CRITIQUE DU LIVRE DE JOHN GRAHAM: WHOSE MAN IN HAVANA? Par Jean-Pierre Juneau (Review)

 

Attiré par le titre de ce livre qui m'amena à penser  que j'aurais quelques belles heures de lectures devant moi,  consacrées à notre politique à l'égard d'un pays dont l'histoire politique contemporaine m'a toujours intéressé, j'ai donc acheté le livre de John en ligne, mais fus d'abord un peu étonné par le contenu de la table des matières qui semblait peu correspondre à ce qu'annonçait le titre !

Je me suis néanmoins mis à la lecture de cet ouvrage, l'un des plus fascinants que j'ai eu l'occasion de lire parmi tous ceux produits par nos anciens collègues.

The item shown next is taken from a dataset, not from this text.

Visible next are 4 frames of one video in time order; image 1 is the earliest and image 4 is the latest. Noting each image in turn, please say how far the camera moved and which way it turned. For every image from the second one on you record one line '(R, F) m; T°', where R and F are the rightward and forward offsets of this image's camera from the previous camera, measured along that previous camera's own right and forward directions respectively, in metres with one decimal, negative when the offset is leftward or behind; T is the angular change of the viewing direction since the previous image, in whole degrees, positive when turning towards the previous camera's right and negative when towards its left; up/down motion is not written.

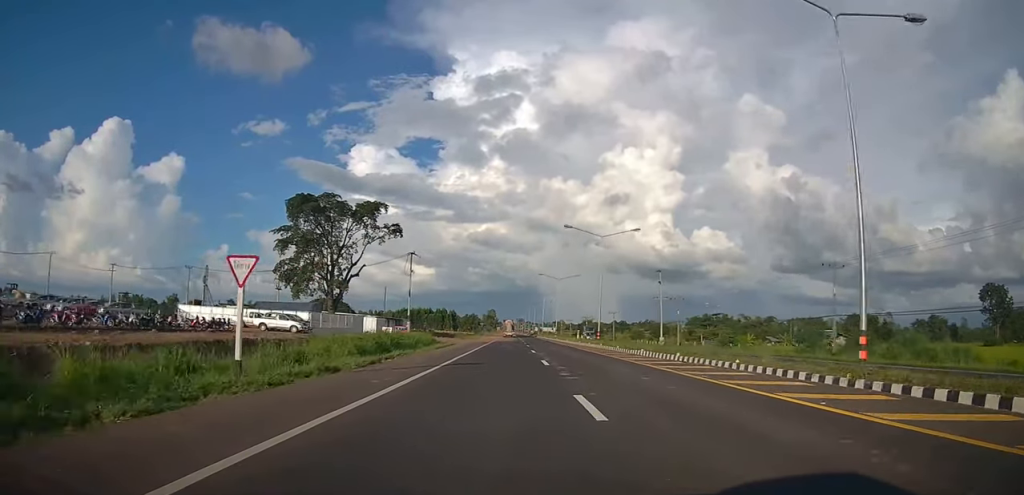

Le livre est bien sûr anecdotique, mais il est également truffé de commentaires et de réflexions socio-politiques, culturelles, mais qui mettent toujours en relief le ferme engagement de l'auteur envers la défense et la promotion des systèmes démocratiques de gouvernement.

Dans quel univers politique vivons-nous ? Celui sur lequel John Graham attire notre attention ?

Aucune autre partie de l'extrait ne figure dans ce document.